Table 18. NIST analysis on the RGB color channels of the encrypted Lena image.

Test Name	Red	Green	Blue	Remarks
Frequency	$0.612882$	$0.273620$	$0.426467$	Success
Block Frequency	$0.431942$	$0.338326$	$0.545500$	Success
Run (m = 75,221)	$0.239030$	$0.252482$	$0.103463$	Success
Long runs of ones	$0.907470$	$0.993509$	$0.650024$	Success
Rank	$0.839897$	$0.669290$	$0.934658$	Success
Spectral FFT	$0.504492$	$0.722283$	$0.962204$	Success
Non overlapping	$0.611940$	$0.669954$	$0.552968$	Success
Overlapping	$0.491780$	$0.502543$	$0.554045$	Success
Universal	$0.431557$	$0.016275$	$0.375857$	Success
Serial	$0.750796$	$0.094145$	$0.836764$	Success
Serial	$0.786736$	$0.214226$	$0.637876$	Success
Approx. Entropy	$0.701255$	$0.182486$	$0.781052$	Success
Cumulative sum forward	$0.941731$	$0.455203$	$0.368786$	Success
Cumulative sum reverse	$0.534965$	$0.347123$	$0.551838$	Success

shows the results of the NIST analysis of each of the color channels of the encrypted Lena image. It is clear that the values for all the tests are indeed larger than $0.01$, indicating the success of the proposed image encryption scheme at passing the NIST analysis.

5. Conclusions

This paper proposed an RGB image encryption scheme that makes use of Shannon’s ideas of confusion and diffusion. The proposed scheme is implemented in three stages. In the first stage, Rule 30 cellular automaton is utilized to generate the first key. In the second stage, a well-designed S-box is utilized to create the needed non-linearity and complexity. Finally, in the third stage, a solution of the Lorenz system is used to generate the second key. The performance of the scheme was evaluated utilizing different metrics, statistically and differentially. Those included a histogram analysis and its associated ${\chi }^2$ computations, a correlation coefficient analysis, MSE, PSNR, MAE, information entropy, an execution time analysis, a differential attack analysis (in terms of NPCR and UACI), a key space analysis, and a NIST analysis.
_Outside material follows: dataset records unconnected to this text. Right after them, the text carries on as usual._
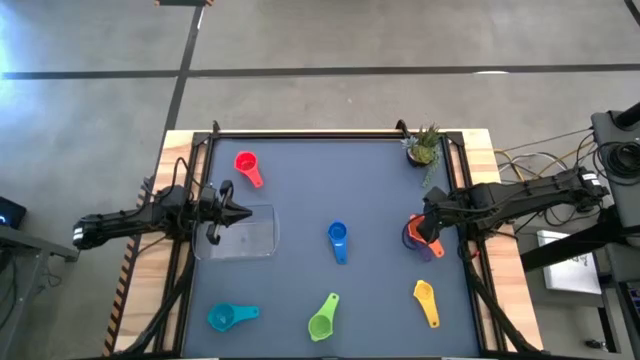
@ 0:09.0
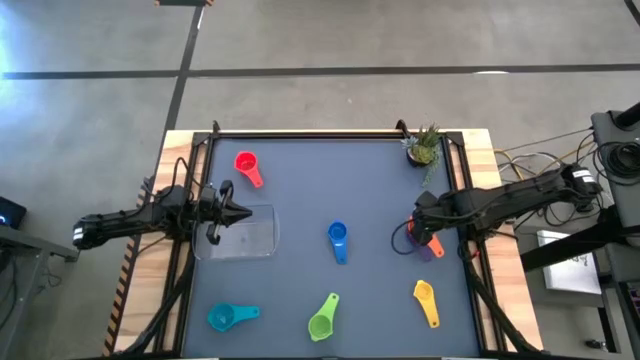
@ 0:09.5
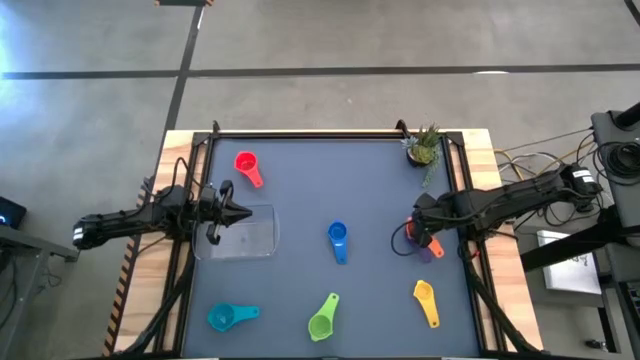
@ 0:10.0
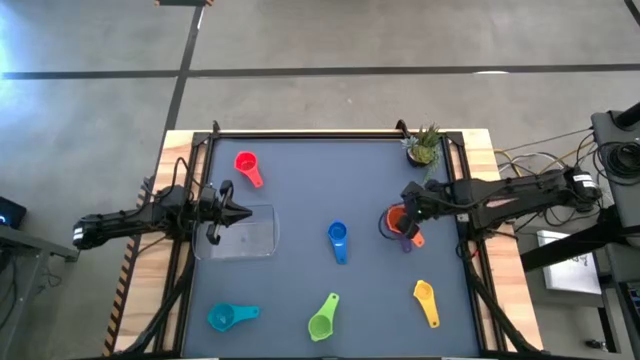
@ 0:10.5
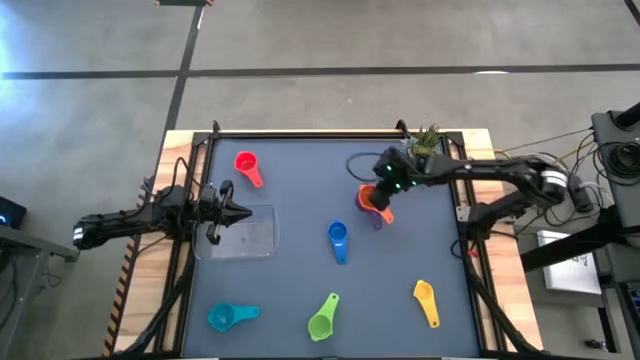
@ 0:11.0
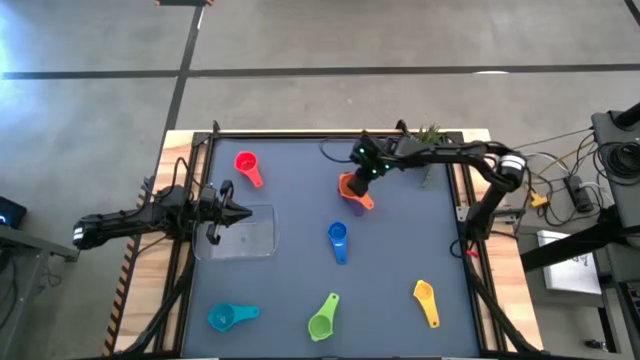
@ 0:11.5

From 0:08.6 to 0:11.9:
Task: Nest measuring cups in basket
Move the stacked measuring cups to the top center of the table

The computed results suggest that the proposed scheme is resistant against any statistical, differential, or brute-force attacks. Moreover, on carrying out comparisons with counterpart image encryption schemes from the literature, the proposed color image encryption scheme exhibited either a comparable or a superior security performance. Nevertheless, the proposed scheme does not come without limitations. The Lorenz system utilized in the third stage is dissipative and has a comparatively poor ergodic property in comparison with conservative chaotic dynamical systems. Such systems have improved distribution in phase space while also exhibiting high ergodicity, sometimes at the expense of being more computationally complex. Future work could tackle this issue, attempting to find a dynamical system with a trade-off among high ergodicity, improved distribution in phase space, and low computational complexity.